* Required action *
From the line that contains "4.0 seconds have passed since image 1." down to the last line of the listing below, reproduce each line exactly but not the pictures.

* Materials provided *
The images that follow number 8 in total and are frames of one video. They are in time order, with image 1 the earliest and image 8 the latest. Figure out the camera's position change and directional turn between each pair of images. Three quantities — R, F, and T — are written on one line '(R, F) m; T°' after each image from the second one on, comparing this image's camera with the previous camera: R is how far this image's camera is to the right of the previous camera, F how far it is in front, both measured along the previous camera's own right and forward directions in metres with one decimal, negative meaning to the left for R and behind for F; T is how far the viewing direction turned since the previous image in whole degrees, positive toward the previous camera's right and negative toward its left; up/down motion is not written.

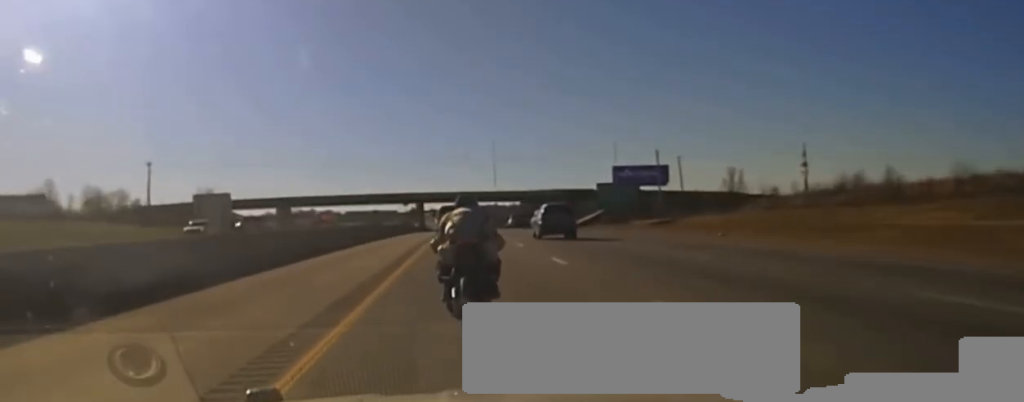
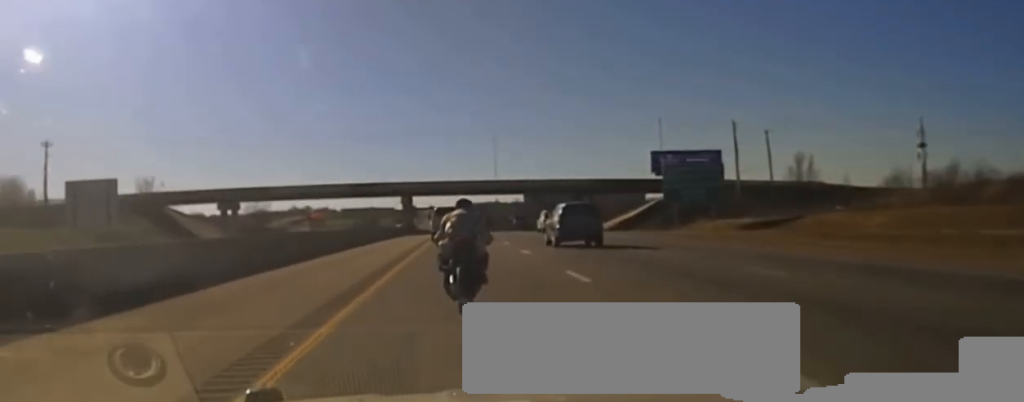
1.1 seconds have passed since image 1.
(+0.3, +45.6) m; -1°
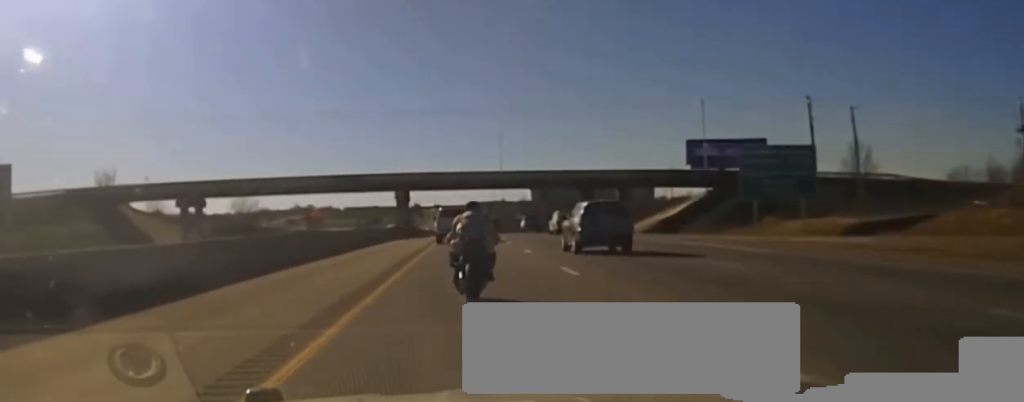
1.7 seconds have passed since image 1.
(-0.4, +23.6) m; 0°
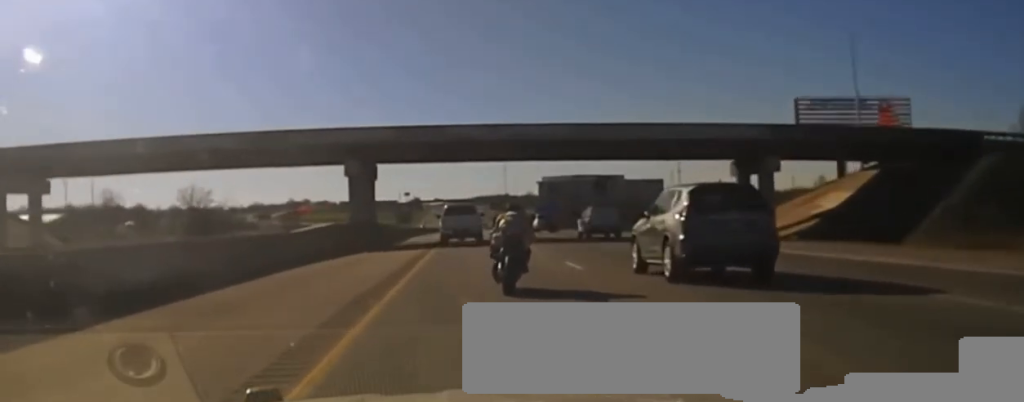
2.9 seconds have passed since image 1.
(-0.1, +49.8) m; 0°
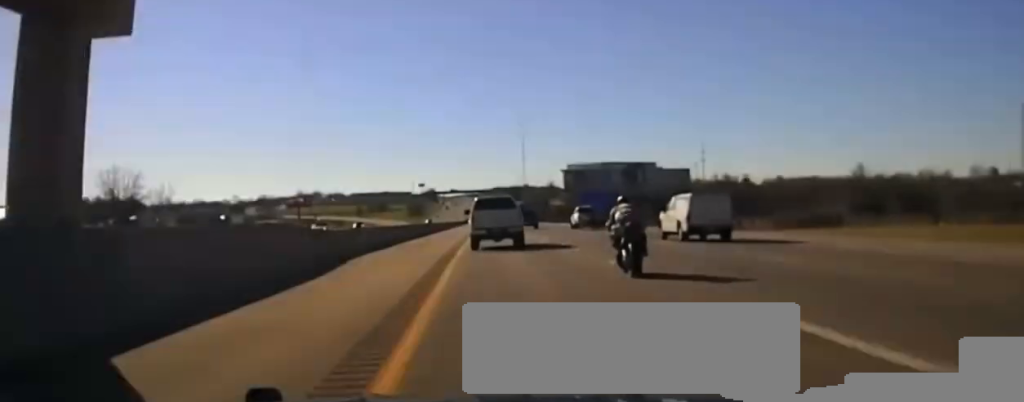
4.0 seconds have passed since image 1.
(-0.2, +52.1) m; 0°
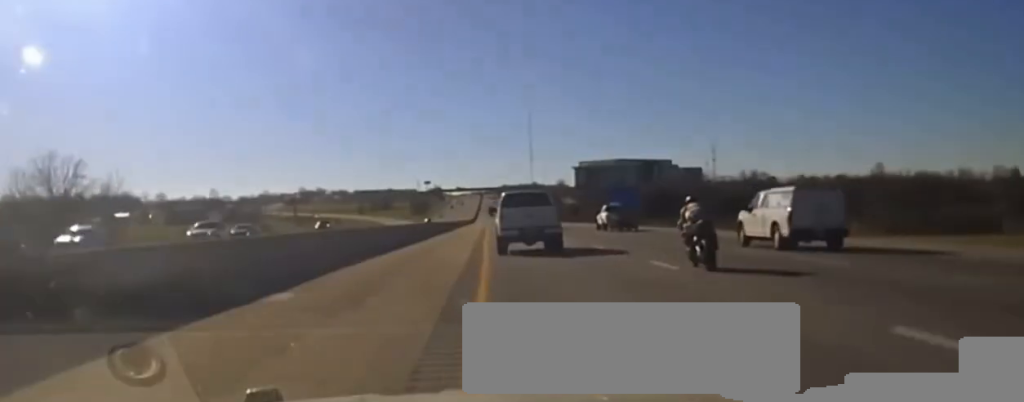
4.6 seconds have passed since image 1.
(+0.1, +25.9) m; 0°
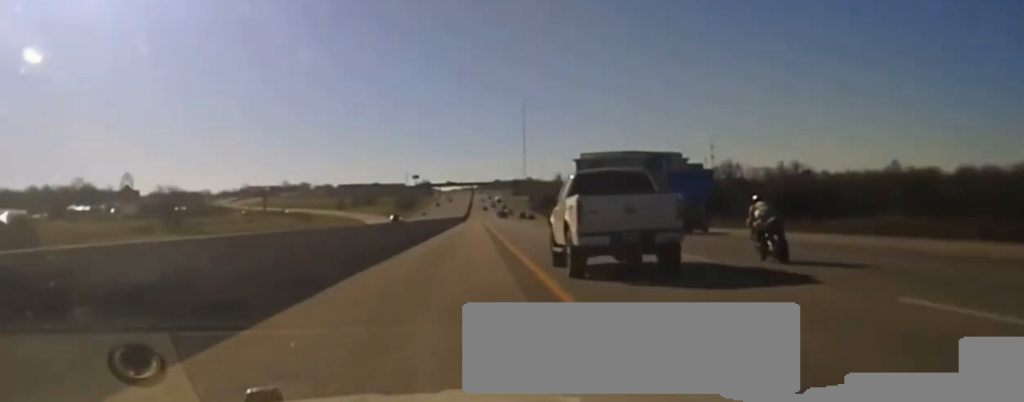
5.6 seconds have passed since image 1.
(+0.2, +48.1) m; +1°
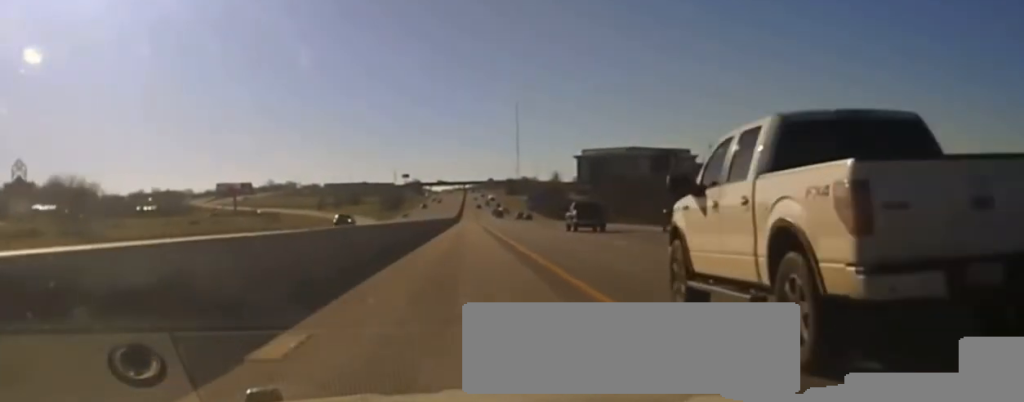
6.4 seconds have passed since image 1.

* Expected answer *
4.0 seconds have passed since image 1.
(-0.2, +52.1) m; 0°
4.6 seconds have passed since image 1.
(+0.1, +25.9) m; 0°
5.6 seconds have passed since image 1.
(+0.2, +48.1) m; +1°
6.4 seconds have passed since image 1.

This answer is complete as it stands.